- Exercise brief
Take the lines below beginning at the line that has "#2700 = CARTESIAN_POINT('',(19.7,29.5,5.5));" and stopping after the line that has "#2707 = EDGE_CURVE('',#2699,#2708,#2710,.T.);", and print them exactly as they are, with no other lines.

- Source records
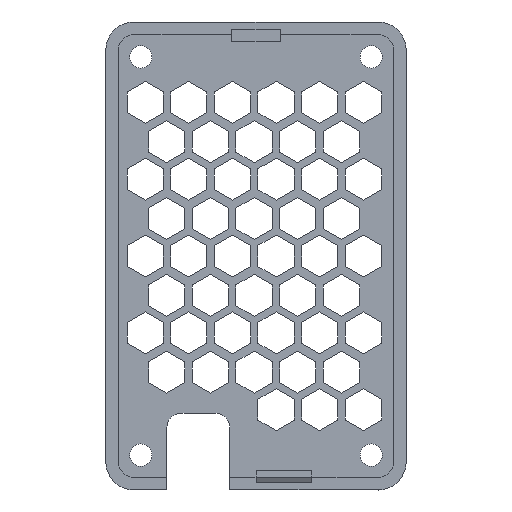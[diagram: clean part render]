
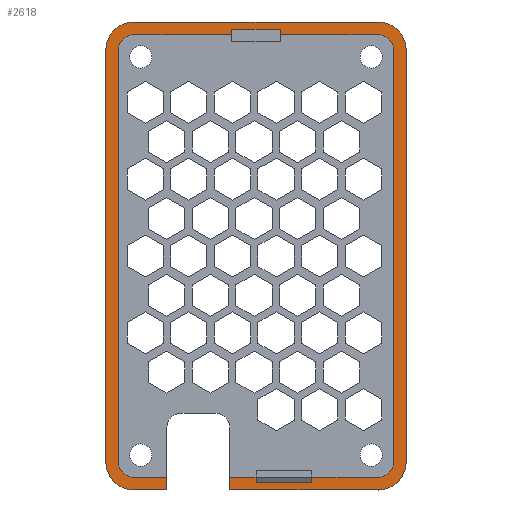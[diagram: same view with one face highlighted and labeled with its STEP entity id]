
A CAD part, top view. The second image highlights one B-rep face of the part: STEP entity #2618.
In plain terms, the highlighted planar face has unit normal (0, 0, 1).
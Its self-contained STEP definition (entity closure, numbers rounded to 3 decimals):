
#24 = VERTEX_POINT('',#25);
#25 = CARTESIAN_POINT('',(-21.5,-29.5,5.5));
#31 = EDGE_CURVE('',#24,#32,#34,.T.);
#32 = VERTEX_POINT('',#33);
#33 = CARTESIAN_POINT('',(-21.5,29.5,5.5));
#34 = LINE('',#35,#36);
#35 = CARTESIAN_POINT('',(-21.5,-29.5,5.5));
#36 = VECTOR('',#37,1.);
#37 = DIRECTION('',(0.,1.,0.));
#62 = EDGE_CURVE('',#24,#63,#65,.T.);
#63 = VERTEX_POINT('',#64);
#64 = CARTESIAN_POINT('',(-17.5,-33.5,5.5));
#65 = CIRCLE('',#66,4.);
#66 = AXIS2_PLACEMENT_3D('',#67,#68,#69);
#67 = CARTESIAN_POINT('',(-17.5,-29.5,5.5));
#68 = DIRECTION('',(0.,0.,1.));
#69 = DIRECTION('',(1.,0.,0.));
#97 = VERTEX_POINT('',#98);
#98 = CARTESIAN_POINT('',(-17.5,33.5,5.5));
#104 = EDGE_CURVE('',#97,#32,#105,.T.);
#105 = CIRCLE('',#106,4.);
#106 = AXIS2_PLACEMENT_3D('',#107,#108,#109);
#107 = CARTESIAN_POINT('',(-17.5,29.5,5.5));
#108 = DIRECTION('',(0.,0.,1.));
#109 = DIRECTION('',(1.,0.,0.));
#2618 = ADVANCED_FACE('',(#2619),#2796,.T.);
#2619 = FACE_BOUND('',#2620,.T.);
#2620 = EDGE_LOOP('',(#2621,#2622,#2623,#2631,#2639,#2647,#2656,#2664,
    #2673,#2681,#2689,#2697,#2706,#2714,#2723,#2731,#2739,#2747,#2755,
    #2763,#2772,#2780,#2789,#2795));
#2621 = ORIENTED_EDGE('',*,*,#31,.F.);
#2622 = ORIENTED_EDGE('',*,*,#62,.T.);
#2623 = ORIENTED_EDGE('',*,*,#2624,.F.);
#2624 = EDGE_CURVE('',#2625,#63,#2627,.T.);
#2625 = VERTEX_POINT('',#2626);
#2626 = CARTESIAN_POINT('',(-12.75,-33.5,5.5));
#2627 = LINE('',#2628,#2629);
#2628 = CARTESIAN_POINT('',(17.5,-33.5,5.5));
#2629 = VECTOR('',#2630,1.);
#2630 = DIRECTION('',(-1.,0.,0.));
#2631 = ORIENTED_EDGE('',*,*,#2632,.T.);
#2632 = EDGE_CURVE('',#2625,#2633,#2635,.T.);
#2633 = VERTEX_POINT('',#2634);
#2634 = CARTESIAN_POINT('',(-12.75,-31.7,5.5));
#2635 = LINE('',#2636,#2637);
#2636 = CARTESIAN_POINT('',(-12.75,-12.25,5.5));
#2637 = VECTOR('',#2638,1.);
#2638 = DIRECTION('',(0.,1.,0.));
#2639 = ORIENTED_EDGE('',*,*,#2640,.T.);
#2640 = EDGE_CURVE('',#2633,#2641,#2643,.T.);
#2641 = VERTEX_POINT('',#2642);
#2642 = CARTESIAN_POINT('',(-17.5,-31.7,5.5));
#2643 = LINE('',#2644,#2645);
#2644 = CARTESIAN_POINT('',(17.5,-31.7,5.5));
#2645 = VECTOR('',#2646,1.);
#2646 = DIRECTION('',(-1.,0.,0.));
#2647 = ORIENTED_EDGE('',*,*,#2648,.F.);
#2648 = EDGE_CURVE('',#2649,#2641,#2651,.T.);
#2649 = VERTEX_POINT('',#2650);
#2650 = CARTESIAN_POINT('',(-19.7,-29.5,5.5));
#2651 = CIRCLE('',#2652,2.2);
#2652 = AXIS2_PLACEMENT_3D('',#2653,#2654,#2655);
#2653 = CARTESIAN_POINT('',(-17.5,-29.5,5.5));
#2654 = DIRECTION('',(0.,0.,1.));
#2655 = DIRECTION('',(-1.,0.,0.));
#2656 = ORIENTED_EDGE('',*,*,#2657,.T.);
#2657 = EDGE_CURVE('',#2649,#2658,#2660,.T.);
#2658 = VERTEX_POINT('',#2659);
#2659 = CARTESIAN_POINT('',(-19.7,29.5,5.5));
#2660 = LINE('',#2661,#2662);
#2661 = CARTESIAN_POINT('',(-19.7,-29.5,5.5));
#2662 = VECTOR('',#2663,1.);
#2663 = DIRECTION('',(0.,1.,0.));
#2664 = ORIENTED_EDGE('',*,*,#2665,.F.);
#2665 = EDGE_CURVE('',#2666,#2658,#2668,.T.);
#2666 = VERTEX_POINT('',#2667);
#2667 = CARTESIAN_POINT('',(-17.5,31.7,5.5));
#2668 = CIRCLE('',#2669,2.2);
#2669 = AXIS2_PLACEMENT_3D('',#2670,#2671,#2672);
#2670 = CARTESIAN_POINT('',(-17.5,29.5,5.5));
#2671 = DIRECTION('',(0.,0.,1.));
#2672 = DIRECTION('',(-1.,0.,0.));
#2673 = ORIENTED_EDGE('',*,*,#2674,.T.);
#2674 = EDGE_CURVE('',#2666,#2675,#2677,.T.);
#2675 = VERTEX_POINT('',#2676);
#2676 = CARTESIAN_POINT('',(-3.5,31.7,5.5));
#2677 = LINE('',#2678,#2679);
#2678 = CARTESIAN_POINT('',(-17.5,31.7,5.5));
#2679 = VECTOR('',#2680,1.);
#2680 = DIRECTION('',(1.,0.,0.));
#2681 = ORIENTED_EDGE('',*,*,#2682,.T.);
#2682 = EDGE_CURVE('',#2675,#2683,#2685,.T.);
#2683 = VERTEX_POINT('',#2684);
#2684 = CARTESIAN_POINT('',(3.5,31.7,5.5));
#2685 = LINE('',#2686,#2687);
#2686 = CARTESIAN_POINT('',(-3.5,31.7,5.5));
#2687 = VECTOR('',#2688,1.);
#2688 = DIRECTION('',(1.,0.,0.));
#2689 = ORIENTED_EDGE('',*,*,#2690,.T.);
#2690 = EDGE_CURVE('',#2683,#2691,#2693,.T.);
#2691 = VERTEX_POINT('',#2692);
#2692 = CARTESIAN_POINT('',(17.5,31.7,5.5));
#2693 = LINE('',#2694,#2695);
#2694 = CARTESIAN_POINT('',(-17.5,31.7,5.5));
#2695 = VECTOR('',#2696,1.);
#2696 = DIRECTION('',(1.,0.,0.));
#2697 = ORIENTED_EDGE('',*,*,#2698,.F.);
#2698 = EDGE_CURVE('',#2699,#2691,#2701,.T.);
#2699 = VERTEX_POINT('',#2700);
#2700 = CARTESIAN_POINT('',(19.7,29.5,5.5));
#2701 = CIRCLE('',#2702,2.2);
#2702 = AXIS2_PLACEMENT_3D('',#2703,#2704,#2705);
#2703 = CARTESIAN_POINT('',(17.5,29.5,5.5));
#2704 = DIRECTION('',(0.,0.,1.));
#2705 = DIRECTION('',(-1.,0.,0.));
#2706 = ORIENTED_EDGE('',*,*,#2707,.T.);
#2707 = EDGE_CURVE('',#2699,#2708,#2710,.T.);
#2708 = VERTEX_POINT('',#2709);
#2709 = CARTESIAN_POINT('',(19.7,-29.5,5.5));
#2710 = LINE('',#2711,#2712);
#2711 = CARTESIAN_POINT('',(19.7,29.5,5.5));
#2712 = VECTOR('',#2713,1.);
#2713 = DIRECTION('',(0.,-1.,0.));
#2714 = ORIENTED_EDGE('',*,*,#2715,.F.);
#2715 = EDGE_CURVE('',#2716,#2708,#2718,.T.);
#2716 = VERTEX_POINT('',#2717);
#2717 = CARTESIAN_POINT('',(17.5,-31.7,5.5));
#2718 = CIRCLE('',#2719,2.2);
#2719 = AXIS2_PLACEMENT_3D('',#2720,#2721,#2722);
#2720 = CARTESIAN_POINT('',(17.5,-29.5,5.5));
#2721 = DIRECTION('',(0.,0.,1.));
#2722 = DIRECTION('',(-1.,0.,0.));
#2723 = ORIENTED_EDGE('',*,*,#2724,.T.);
#2724 = EDGE_CURVE('',#2716,#2725,#2727,.T.);
#2725 = VERTEX_POINT('',#2726);
#2726 = CARTESIAN_POINT('',(8.,-31.7,5.5));
#2727 = LINE('',#2728,#2729);
#2728 = CARTESIAN_POINT('',(17.5,-31.7,5.5));
#2729 = VECTOR('',#2730,1.);
#2730 = DIRECTION('',(-1.,0.,0.));
#2731 = ORIENTED_EDGE('',*,*,#2732,.T.);
#2732 = EDGE_CURVE('',#2725,#2733,#2735,.T.);
#2733 = VERTEX_POINT('',#2734);
#2734 = CARTESIAN_POINT('',(0.,-31.7,5.5));
#2735 = LINE('',#2736,#2737);
#2736 = CARTESIAN_POINT('',(17.5,-31.7,5.5));
#2737 = VECTOR('',#2738,1.);
#2738 = DIRECTION('',(-1.,0.,0.));
#2739 = ORIENTED_EDGE('',*,*,#2740,.T.);
#2740 = EDGE_CURVE('',#2733,#2741,#2743,.T.);
#2741 = VERTEX_POINT('',#2742);
#2742 = CARTESIAN_POINT('',(-3.75,-31.7,5.5));
#2743 = LINE('',#2744,#2745);
#2744 = CARTESIAN_POINT('',(17.5,-31.7,5.5));
#2745 = VECTOR('',#2746,1.);
#2746 = DIRECTION('',(-1.,0.,0.));
#2747 = ORIENTED_EDGE('',*,*,#2748,.T.);
#2748 = EDGE_CURVE('',#2741,#2749,#2751,.T.);
#2749 = VERTEX_POINT('',#2750);
#2750 = CARTESIAN_POINT('',(-3.75,-33.5,5.5));
#2751 = LINE('',#2752,#2753);
#2752 = CARTESIAN_POINT('',(-3.75,-16.75,5.5));
#2753 = VECTOR('',#2754,1.);
#2754 = DIRECTION('',(0.,-1.,0.));
#2755 = ORIENTED_EDGE('',*,*,#2756,.F.);
#2756 = EDGE_CURVE('',#2757,#2749,#2759,.T.);
#2757 = VERTEX_POINT('',#2758);
#2758 = CARTESIAN_POINT('',(17.5,-33.5,5.5));
#2759 = LINE('',#2760,#2761);
#2760 = CARTESIAN_POINT('',(17.5,-33.5,5.5));
#2761 = VECTOR('',#2762,1.);
#2762 = DIRECTION('',(-1.,0.,0.));
#2763 = ORIENTED_EDGE('',*,*,#2764,.T.);
#2764 = EDGE_CURVE('',#2757,#2765,#2767,.T.);
#2765 = VERTEX_POINT('',#2766);
#2766 = CARTESIAN_POINT('',(21.5,-29.5,5.5));
#2767 = CIRCLE('',#2768,4.);
#2768 = AXIS2_PLACEMENT_3D('',#2769,#2770,#2771);
#2769 = CARTESIAN_POINT('',(17.5,-29.5,5.5));
#2770 = DIRECTION('',(0.,0.,1.));
#2771 = DIRECTION('',(1.,0.,0.));
#2772 = ORIENTED_EDGE('',*,*,#2773,.F.);
#2773 = EDGE_CURVE('',#2774,#2765,#2776,.T.);
#2774 = VERTEX_POINT('',#2775);
#2775 = CARTESIAN_POINT('',(21.5,29.5,5.5));
#2776 = LINE('',#2777,#2778);
#2777 = CARTESIAN_POINT('',(21.5,29.5,5.5));
#2778 = VECTOR('',#2779,1.);
#2779 = DIRECTION('',(0.,-1.,0.));
#2780 = ORIENTED_EDGE('',*,*,#2781,.T.);
#2781 = EDGE_CURVE('',#2774,#2782,#2784,.T.);
#2782 = VERTEX_POINT('',#2783);
#2783 = CARTESIAN_POINT('',(17.5,33.5,5.5));
#2784 = CIRCLE('',#2785,4.);
#2785 = AXIS2_PLACEMENT_3D('',#2786,#2787,#2788);
#2786 = CARTESIAN_POINT('',(17.5,29.5,5.5));
#2787 = DIRECTION('',(0.,0.,1.));
#2788 = DIRECTION('',(1.,0.,0.));
#2789 = ORIENTED_EDGE('',*,*,#2790,.F.);
#2790 = EDGE_CURVE('',#97,#2782,#2791,.T.);
#2791 = LINE('',#2792,#2793);
#2792 = CARTESIAN_POINT('',(-17.5,33.5,5.5));
#2793 = VECTOR('',#2794,1.);
#2794 = DIRECTION('',(1.,0.,0.));
#2795 = ORIENTED_EDGE('',*,*,#104,.T.);
#2796 = PLANE('',#2797);
#2797 = AXIS2_PLACEMENT_3D('',#2798,#2799,#2800);
#2798 = CARTESIAN_POINT('',(0.,0.,5.5));
#2799 = DIRECTION('',(0.,0.,1.));
#2800 = DIRECTION('',(1.,0.,0.));

- Output for this exercise
#2700 = CARTESIAN_POINT('',(19.7,29.5,5.5));
#2701 = CIRCLE('',#2702,2.2);
#2702 = AXIS2_PLACEMENT_3D('',#2703,#2704,#2705);
#2703 = CARTESIAN_POINT('',(17.5,29.5,5.5));
#2704 = DIRECTION('',(0.,0.,1.));
#2705 = DIRECTION('',(-1.,0.,0.));
#2706 = ORIENTED_EDGE('',*,*,#2707,.T.);
#2707 = EDGE_CURVE('',#2699,#2708,#2710,.T.);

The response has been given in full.